All three are putting things on the screen that haven't been there before. All three are in their early thirties, white and middle class – even what Whit Stillman would called haut bourgeois – with successful paternal role models (Wes's dad has his own advertising company in Austin, Texas, Paul's was the well-known actor and voiceover artist Ernie Anderson, and Spike's is international health-care consulting mogul Art Spiegel III). Perhaps in defiance of the expectations that these upbringings must have placed upon them, all three prefer to wear their hair in the style known as "bedhead".

There's something else this gifted trio also share, and that's a special kind of confidence: the kind that enables young directors to persuade major stars to do things no one would have thought possible. Think of Tom Cruise's magnetically self-lacerating performance in Magnolia, or Spike Jonze upbraiding the eponymous star of Being John Malkovich with the immortal words "John Malkovich wouldn't do it that way."

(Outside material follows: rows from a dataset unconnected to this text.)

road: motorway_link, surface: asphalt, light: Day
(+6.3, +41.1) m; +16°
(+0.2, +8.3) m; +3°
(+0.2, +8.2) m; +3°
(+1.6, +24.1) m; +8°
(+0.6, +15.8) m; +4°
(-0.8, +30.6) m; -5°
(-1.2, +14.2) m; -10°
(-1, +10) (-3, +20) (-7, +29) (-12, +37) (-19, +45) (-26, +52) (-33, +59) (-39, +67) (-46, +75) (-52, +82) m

It will be fascinating to see if the directors concerned can maintain this happy knack – you might call it icon-wrangling – throughout the next phase of their careers (Jonze's second film, Adaptation, stars the ferociously impermeable duo of Nicolas Cage and Meryl Streep, while Paul Thomas Anderson promises a "$25m Adam Sandler art-house movie").

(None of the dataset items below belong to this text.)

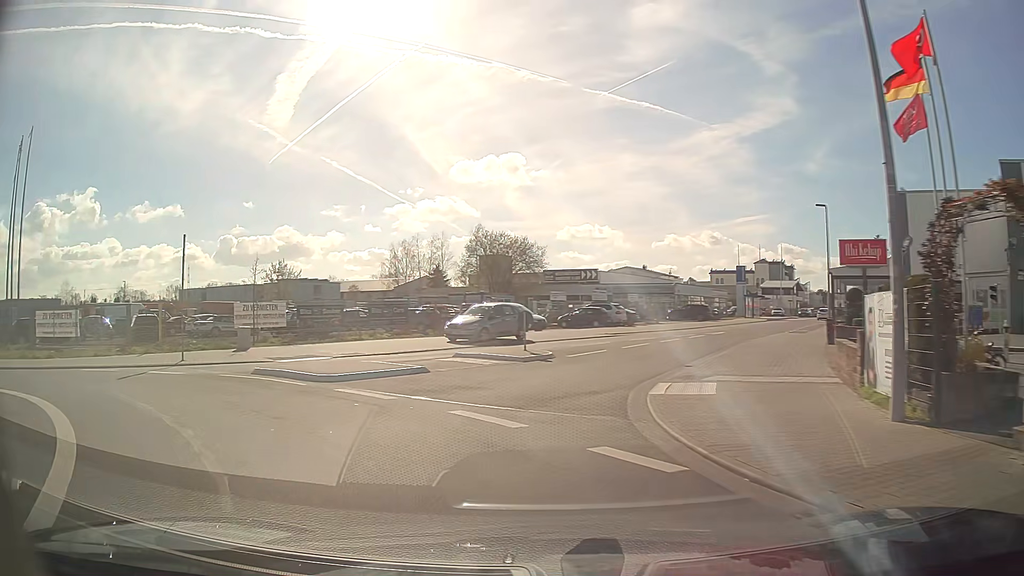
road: tertiary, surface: asphalt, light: Day
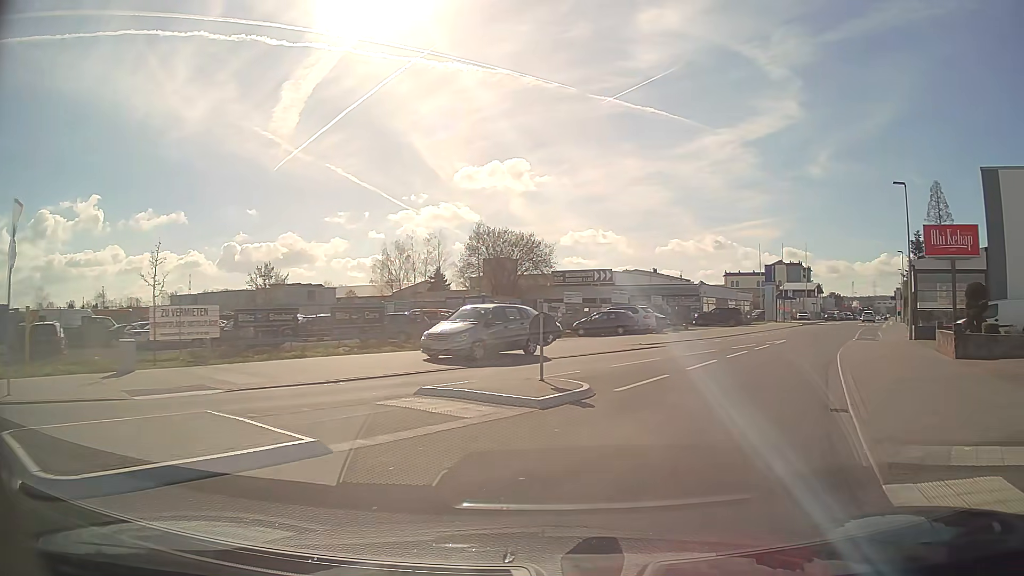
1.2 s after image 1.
(-0.4, +8.8) m; -1°
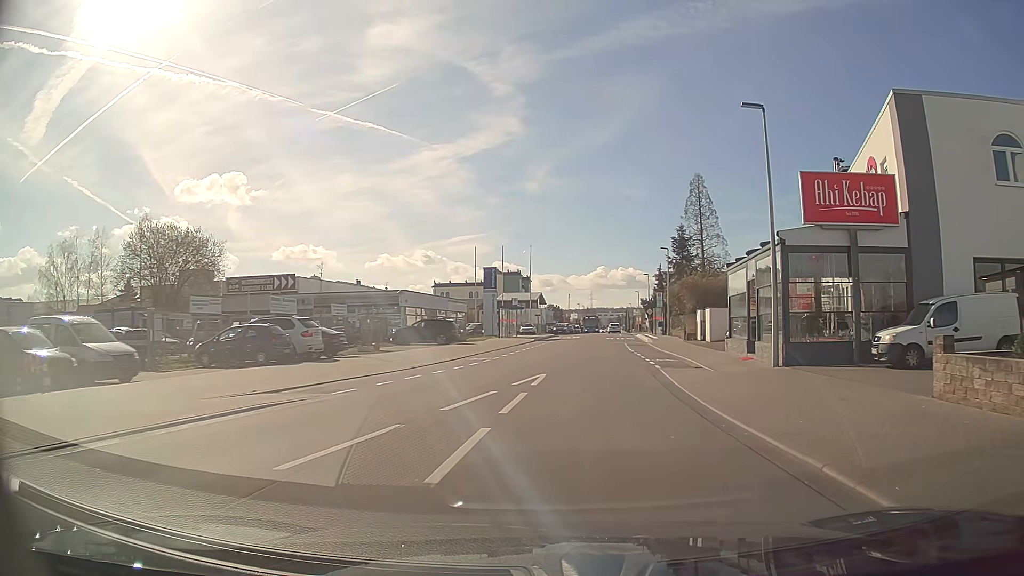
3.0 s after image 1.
(+3.5, +14.9) m; +25°
(+1, +10) (+2, +20) (+3, +30) (+4, +40) (+5, +50) (+6, +60) (+7, +70) (+8, +80) (+9, +90) (+10, +99) m

In Wes Anderson's case, the situation is slightly more complex. Some people who loved what Rushmore did for Bill Murray (and vice versa) will see the illustrious cast list for The Royal Tenenbaums and start thinking this is going to be one of those awful moments where old Hollywood crowds round a new talent and sucks the life out of it with a series of those performances that say, "Look how good I can be when the material is up to my standard."

In a sense, that is exactly what the star- turns in The Royal Tenenbaums are trying to do, but the truly miraculous thing about the film is the way the director turns that impulse to his advantage, and uses it to create a glittering set of cinematic icons. Cinematic icons who celebrate film as a gateway to the flirtatious interplay of other art forms, not an escape from it. Cinematic icons over whom the grim shadow of Quentin Tarantino falls in no way at all.